- DVD cover
- Directed by: Joe O'Byrne
- Written by: Joe O'Byrne
- Produced by: John S. Lyons Liam O'Neill
- Starring: Brenda Fricker Alfred Molina Mike Myers
- Cinematography: Paul Sarossy
- Edited by: Marie-Thérèse Boiché
- Music by: Richard Hartley
- Distributed by: KC Medien
- Release date: 1998;
- Running time: 104 minutes
- Country: Ireland
- Language: English

= Pete's Meteor =

Pete's Meteor is an Irish 1998 drama film. It was written and directed by Joe O'Byrne and stars Mike Myers.

Mike Myers plays a drug dealer living in the slums of Dublin. He tries to financially provide for the three children of his dead brother. The children's lives are forever changed when a meteor crashes into their backyard. Alfred Molina plays a wealthy scientist that the children must confront to retrieve their heaven-sent gift.

==Production and Release==

The Irish Film Board gave the filmmakers almost IR£300,000 for the production.

It won the Crystal Bear Special Mention award for Best Feature Film at the 1999 Berlin International Film Festival.

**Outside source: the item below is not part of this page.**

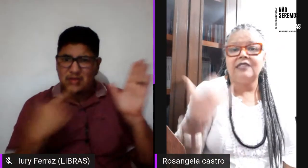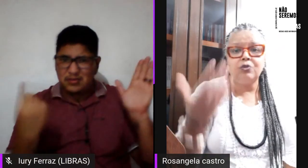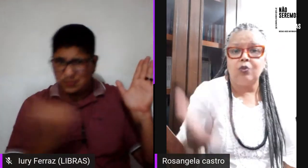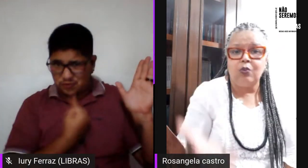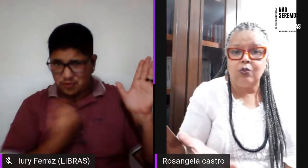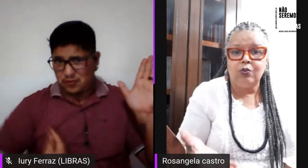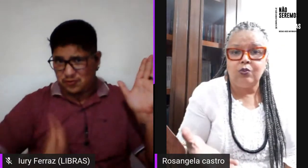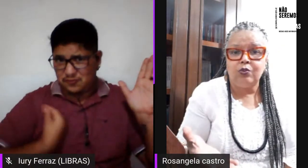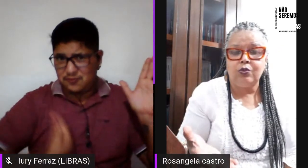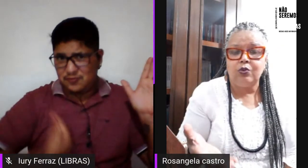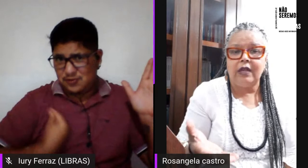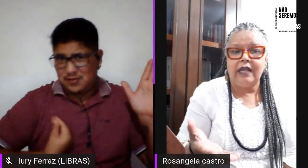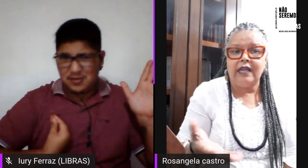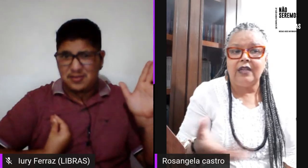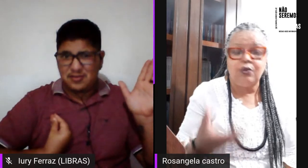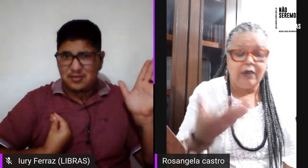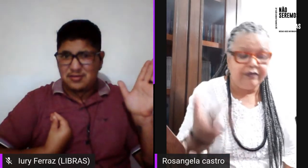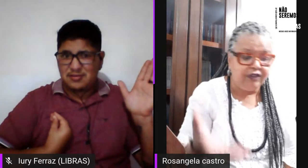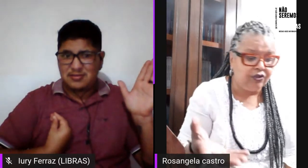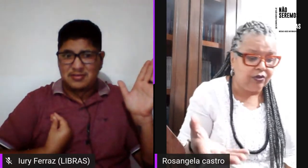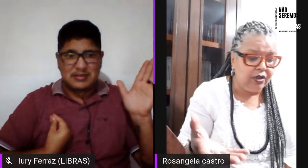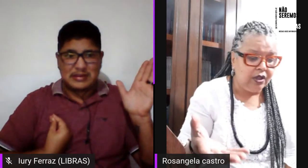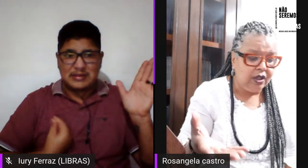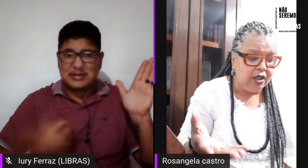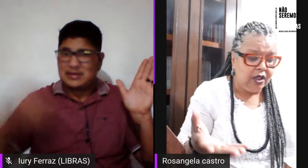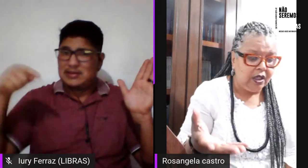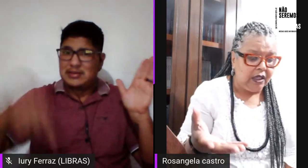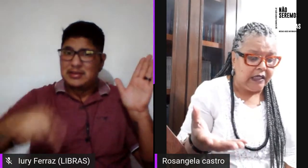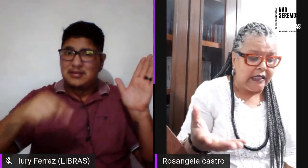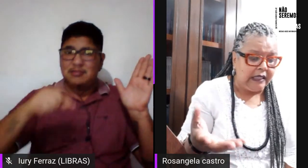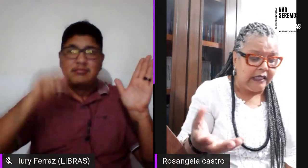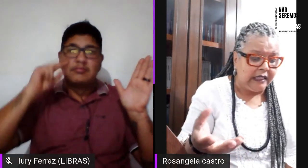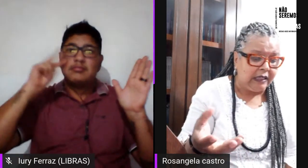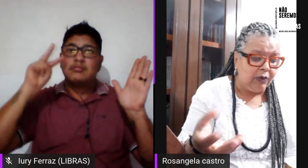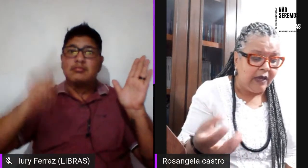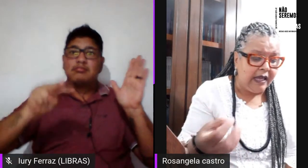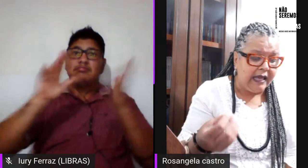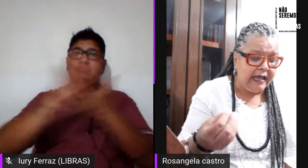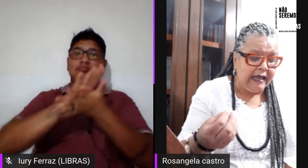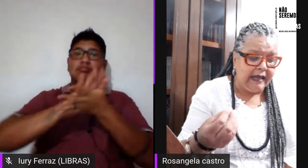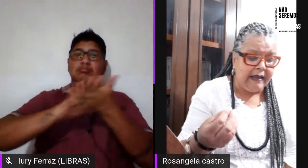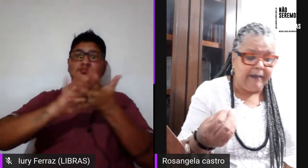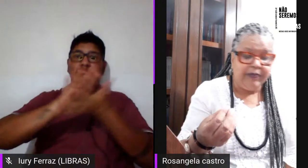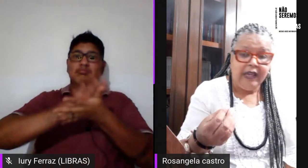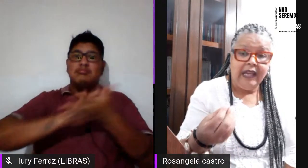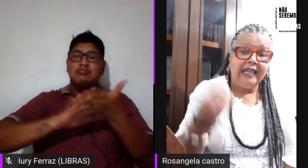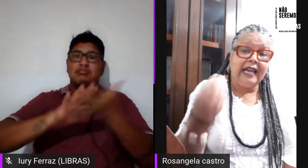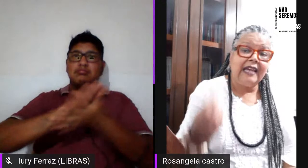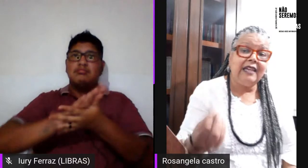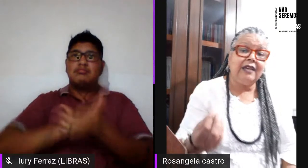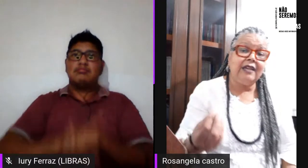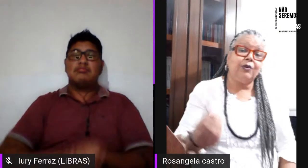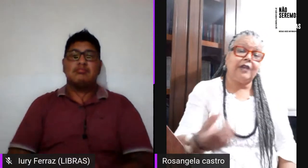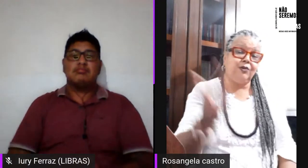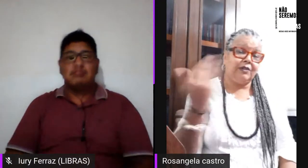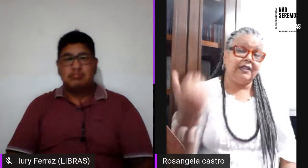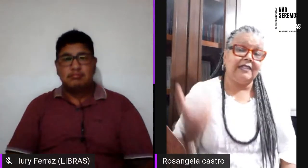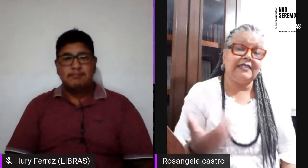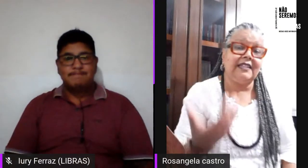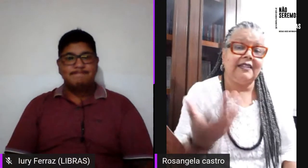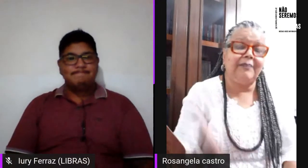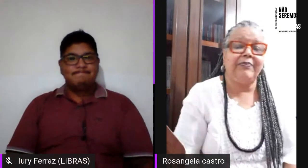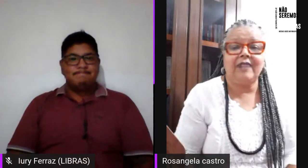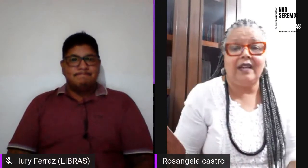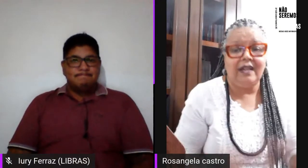mas isso não é visto. Então, e aí eu quero

Despite this, the film failed to find a distributor, and was released direct-to-video in the United States in December 2002.

In a 2002 profile of Myers in The Independent, the film was said to have "proved meteoric in the way it vanished from view".

==Reception==
Christopher Null of Contactmusic.com awarded the film two stars out of five and wrote, “The story doesn't help matters, and sheer insanity is not much of a substitute for actual character development.”

Nathan Rabin of The Dissolve gave the film a negative review and wrote, “It doesn’t help that the child actors deliver performances so terrible, they may actually persuade audiences to root against a trio of hard-luck orphans.” Rabin also added, “I recommend Pete’s Meteor to bad-movie aficionados.”